Department of Health

Key messages

  • Promote mealtimes as pleasant and enjoyable
  • Understand people’s food and social likes
  • Find out personal eating and nutritional issues
  • Involve people in tasks linked to food and eating
  • Encourage eating and social involvement through physical design and décor
  • Minimise background noise

The smell of freshly baked bread, roast lamb, spaghetti Bolognese or a bowl of phô are inviting smells linked with family and the home kitchen. Home-cooked meals remind people of past times, give sensory pleasure and break down the sense of institutional life.

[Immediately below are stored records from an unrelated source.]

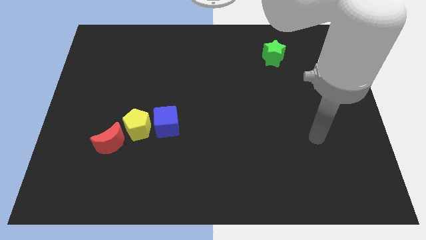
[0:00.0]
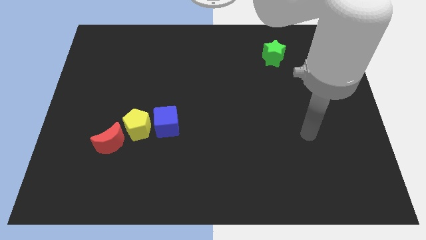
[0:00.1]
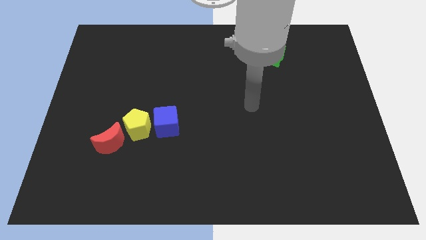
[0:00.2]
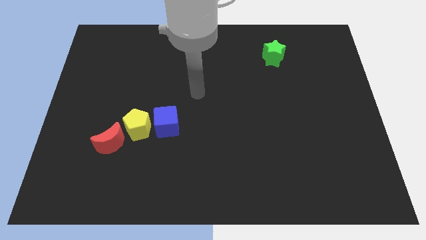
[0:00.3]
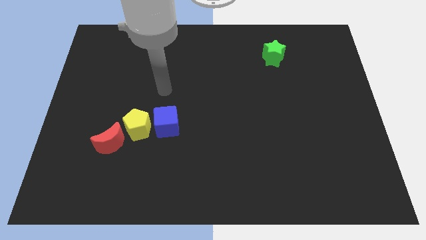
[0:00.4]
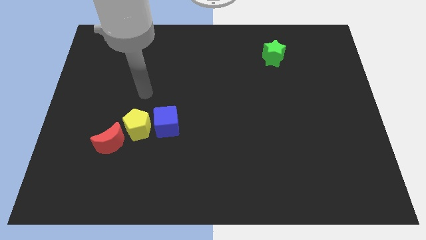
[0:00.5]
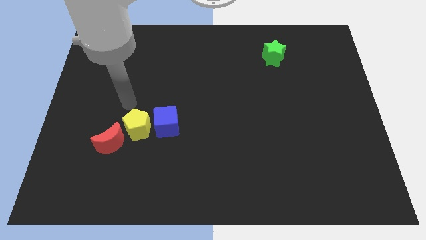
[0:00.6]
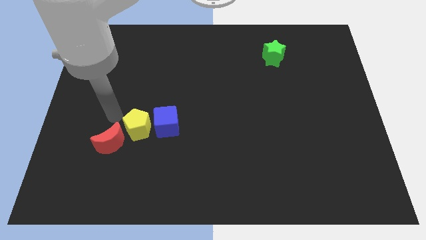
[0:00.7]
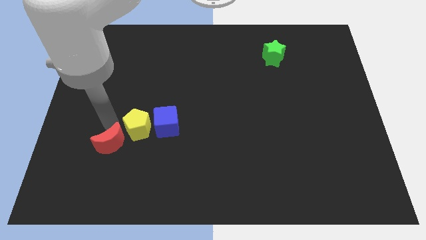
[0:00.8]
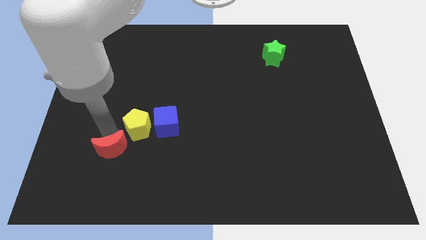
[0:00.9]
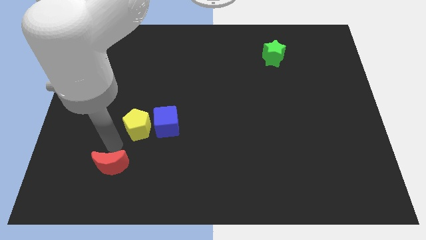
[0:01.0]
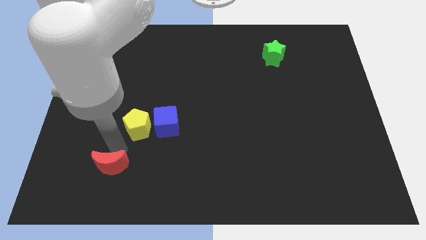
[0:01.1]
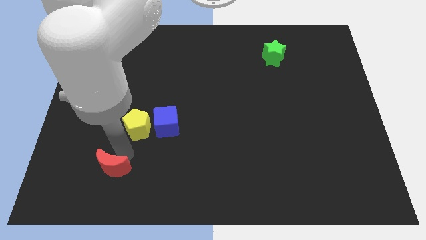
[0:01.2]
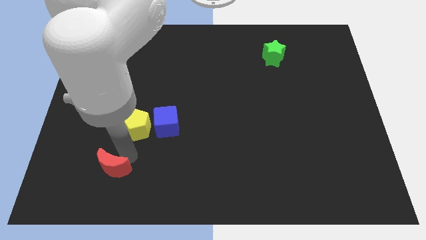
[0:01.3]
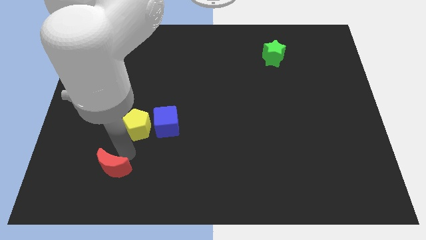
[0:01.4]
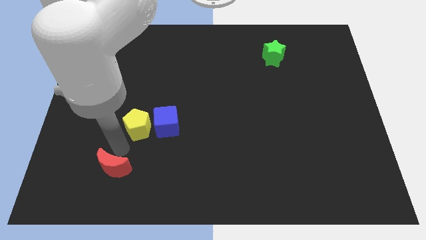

In residential and respite settings eating is often taken out of its usual social setting and regimented for greater efficiency. Where home-like meals are presented in a dementia-friendly environment, they can lift spirits and remind people of good times. Smells from a nearby kitchen can improve appetite.

Food is a source of pleasure even in late stage dementia when other types of sensory pleasure are reduced.

Changes you can make now

Low cost

  • Change the dining room to make it a home-like place to eat and socialise: check the height and stability of chairs, use colourful table cloths contrasting with floor colours and coverings, arrange tables and chairs to promote interaction and personalise the décor.
  • Make a cookbook using residents, family members, friends and staff members’ favourite recipes and use it for occasional meals and sweets.
  • Have plenty of time for people with dementia to enjoy their meals and for staff to give support and help as needed.
  • Increase the number and type of finger foods, snacks and drinks to promote independence.
  • Arrange furniture for small groups of diners, for example two person tables.
  • Start in-service training on assisted eating, problems people with dementia can have, the kind of communication needed to encourage eating, and ways to increase food intake.

Moderate cost

  • Buy moveable screens to create smaller, more private eating areas.
  • Buy new dining chairs that are stable and comfortable, have good arm rests and fit under the table.
  • Re-paint the dining area in cheery colours to promote good eating, for example, warm-range colours such as coral, soft peach or soft yellow.

High cost

  • Use surfaces on ceilings and floors that reduce noise at mealtimes.
  • Re-design the working kitchen, turning it into the facility’s social hub: shift appropriate administrative work there so staff are often in the area, and open it out to the dining area so people with dementia can see it, smell food cooking and help themselves to snacks from the counter. Use home-like, cheery décor and put in new technologies to increase safety and efficiency.
  • Have an area for people to entertain others, including family members and friends.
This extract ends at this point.